Rangkaian Kegiatan Hari Lanjut Usia Nasional 2026
Hari Lanjut Usia Nasional (HLUN) diperingati setiap 29 Mei sebagai bentuk penghormatan dan apresiasi negara, serta momentum untuk menghargai semangat, pengabdian, dan kontribusi para lansia dalam perjuangan kemerdekaan, pembangunan, hingga kemajuan bangsa.
Mengusung tema 'Lansia Tangguh Indonesia Tumbuh', dalam peringatan HLUN 2026, Kementerian Sosial mengajak masyarakat untuk mengingat bahwa pembangunan manusia tidak hanya berhenti pada usia produktif, melainkan memastikan setiap orang, termasuk lansia, tetap dihormati, dilindungi, dan diberdayakan sepanjang hidupnya.

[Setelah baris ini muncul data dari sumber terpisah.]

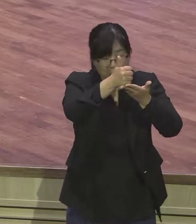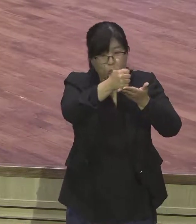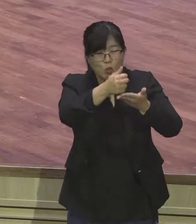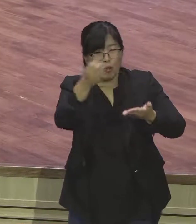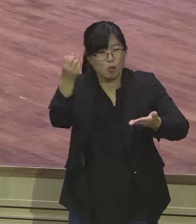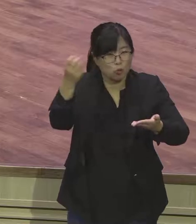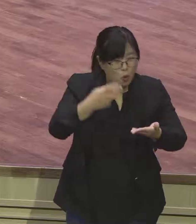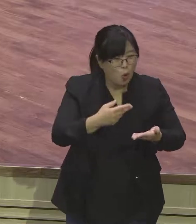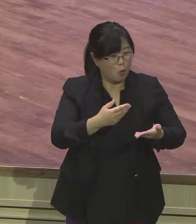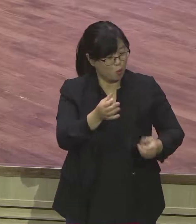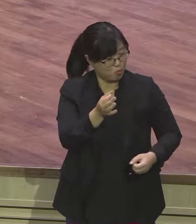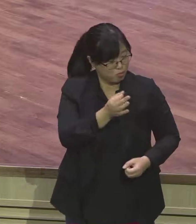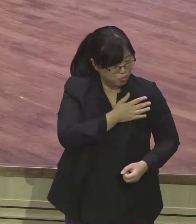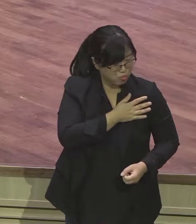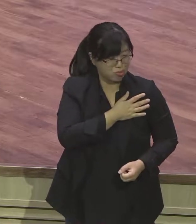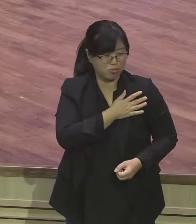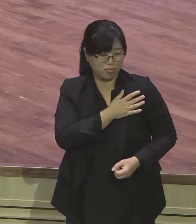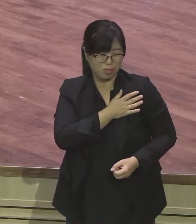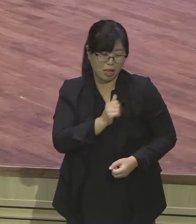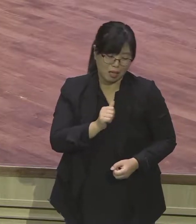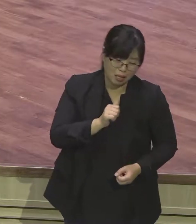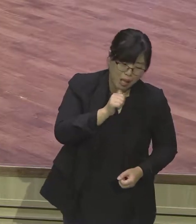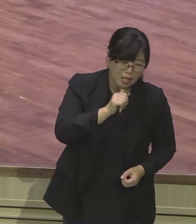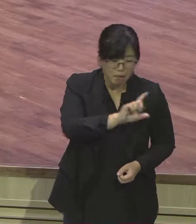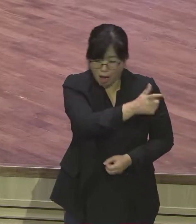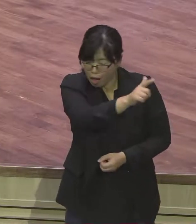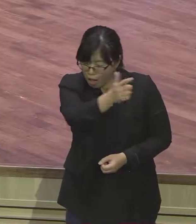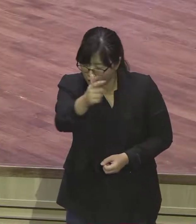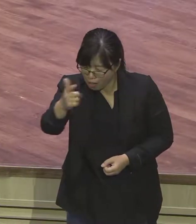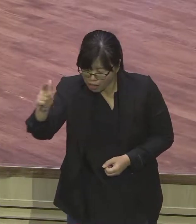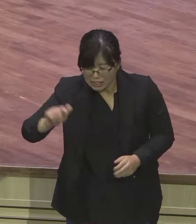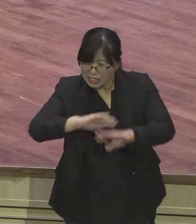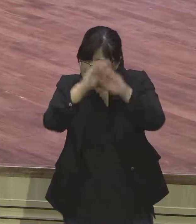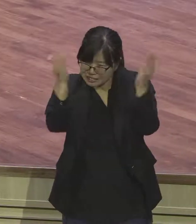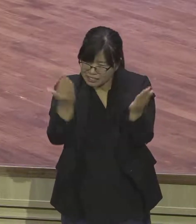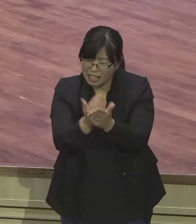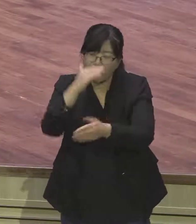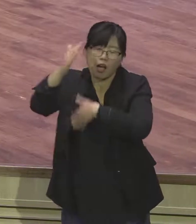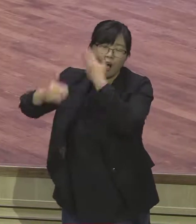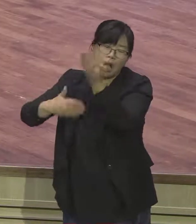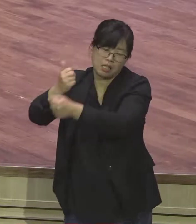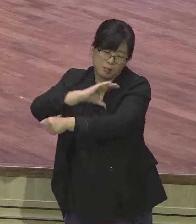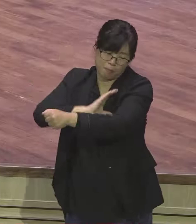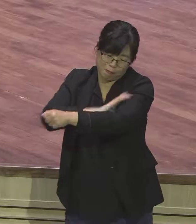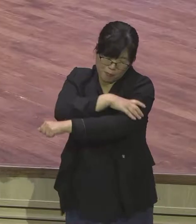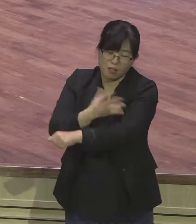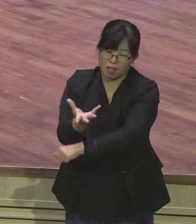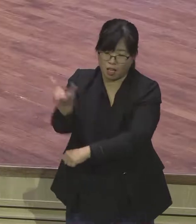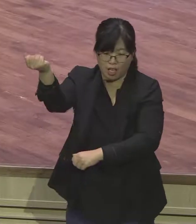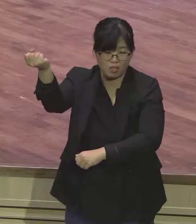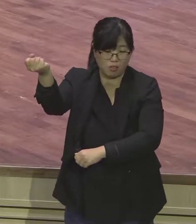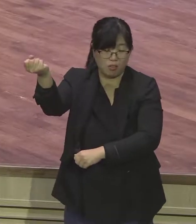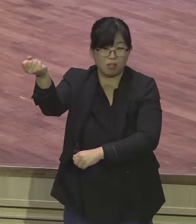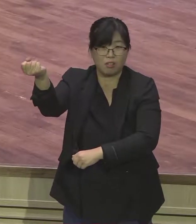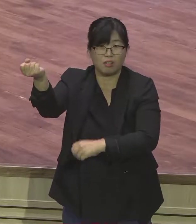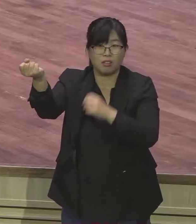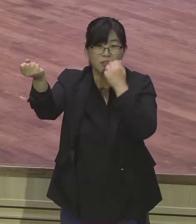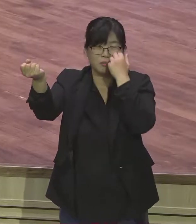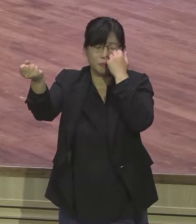하나님의 신 싱글하고 솔직히 요셉이 행기 뭐가 있어요 요셉이 아무것도 없어요 요셉이 공부를

Kementerian Sosial menghadirkan sejumlah layanan gratis dalam rangkaian acara peringatan HLUN 2026. Layanan tersebut meliputi:
- Operasi katarak gratis
- Pemeriksaan kesehatan gratis
- Layanan fisioterapi
- Penyaluran Bantuan ATENSI
- Pemberian alat bantu dan sarana kamar
- Pemenuhan hak sipil
- Program kewirausahaan bagi lansia
Puncak peringatan HLUN 2026 yang digelar di Nusa Tenggara Timur juga mengedepankan prinsip sederhana dan berdampak langsung bagi masyarakat, tanpa berfokus pada seremoni besar. HLUN 2026 dilaksanakan melalui kolaborasi lintas sektor dengan melibatkan masyarakat, dunia usaha, akademisi, hingga organisasi keagamaan.

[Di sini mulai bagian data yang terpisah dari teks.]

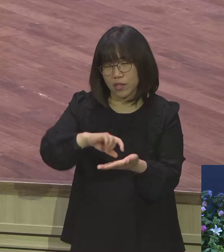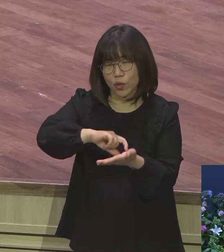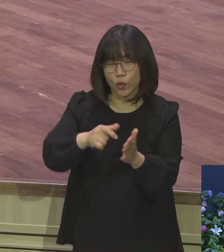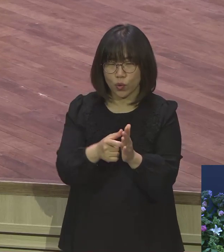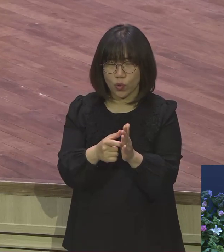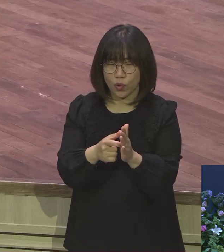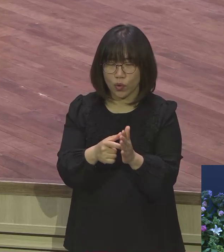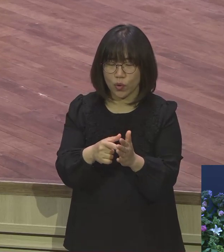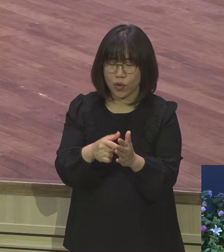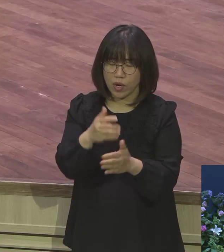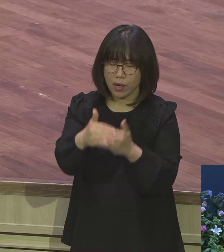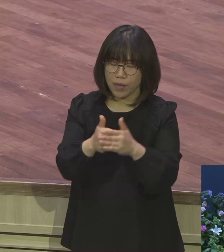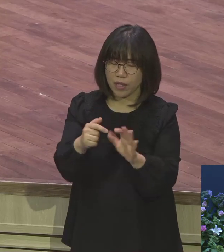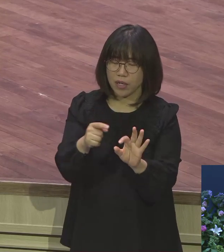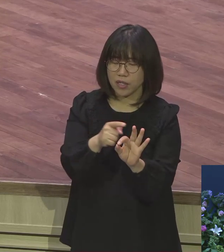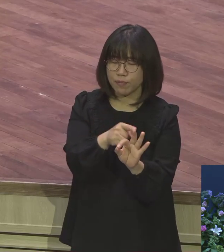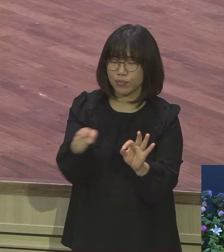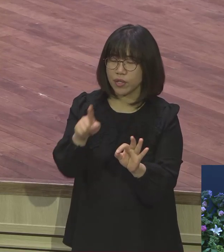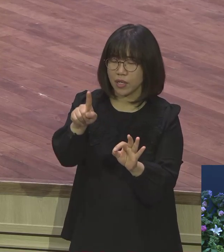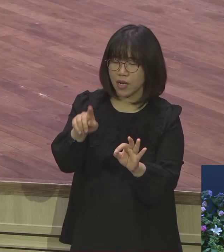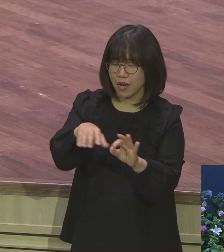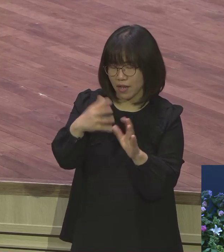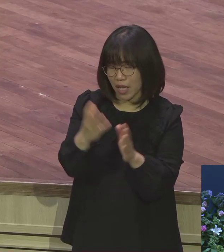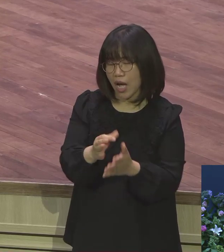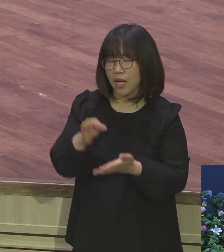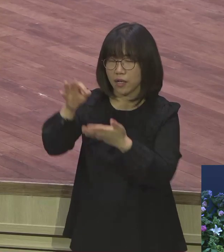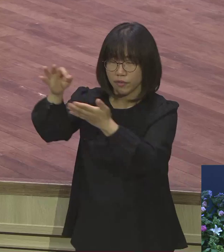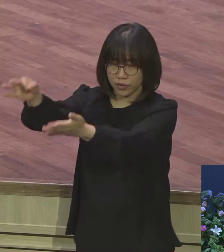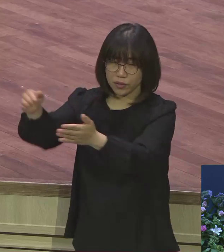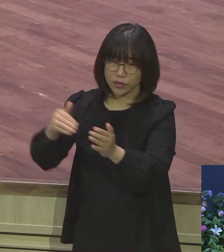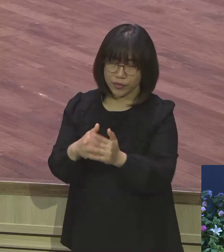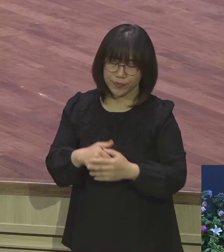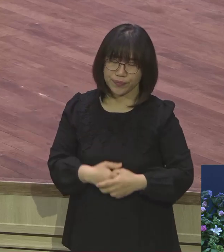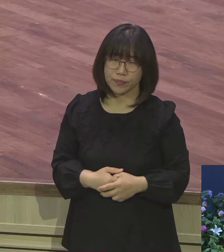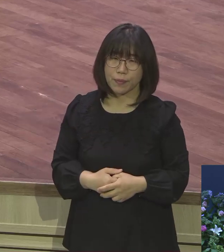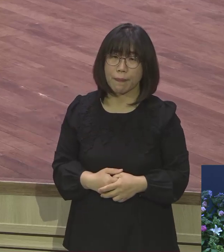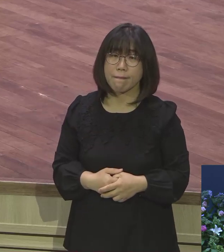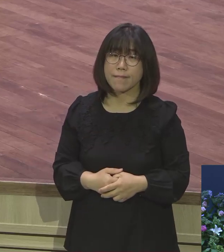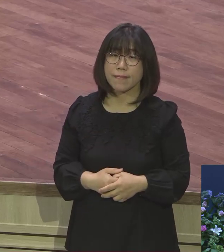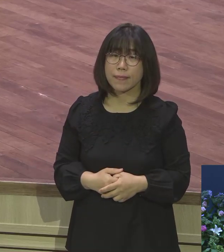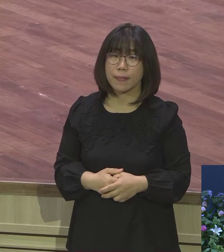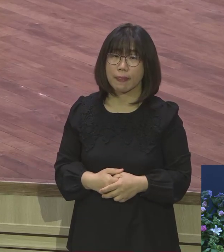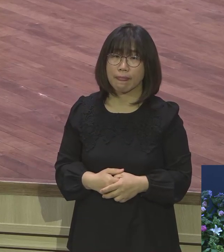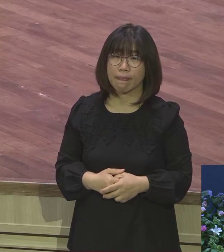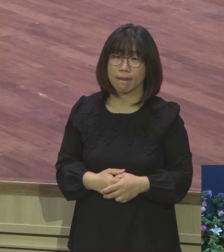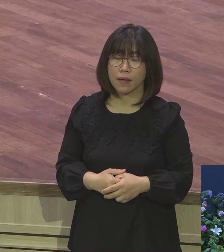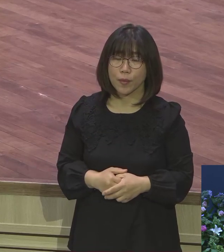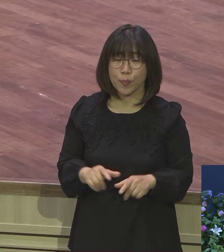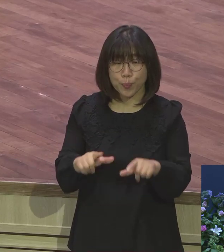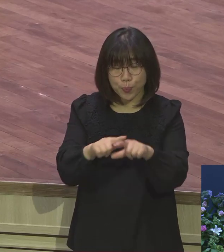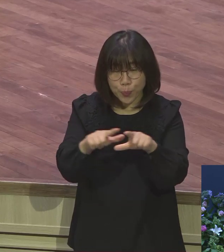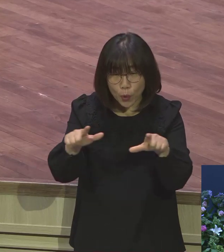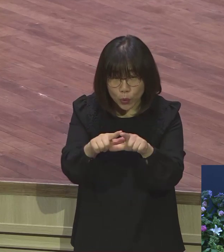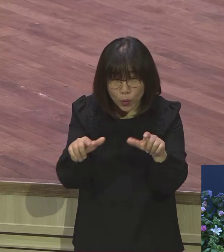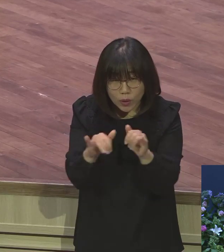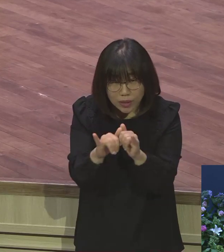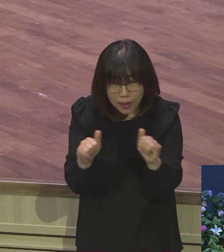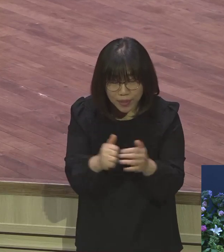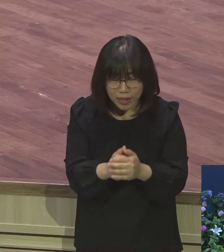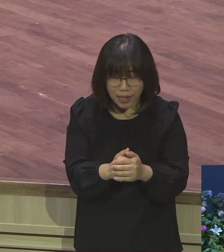중급할 때 돈을 하나도 안 떼먹었대요 11조에 사람이요 없을 때는 조금 이렇게 데리기 쉽게 자꾸 커지면요

Kegiatan HLUN 2026 diprioritaskan di wilayah dengan jumlah lansia miskin tinggi, daerah tertinggal, terdepan, dan terluar (3T), serta kawasan urban rentan dengan banyak lansia yang hidup sendiri. HLUN 2026 diselenggarakan di hampir seluruh kabupaten dan kota di Provinsi Nusa Tenggara Timur serta seluruh wilayah Indonesia.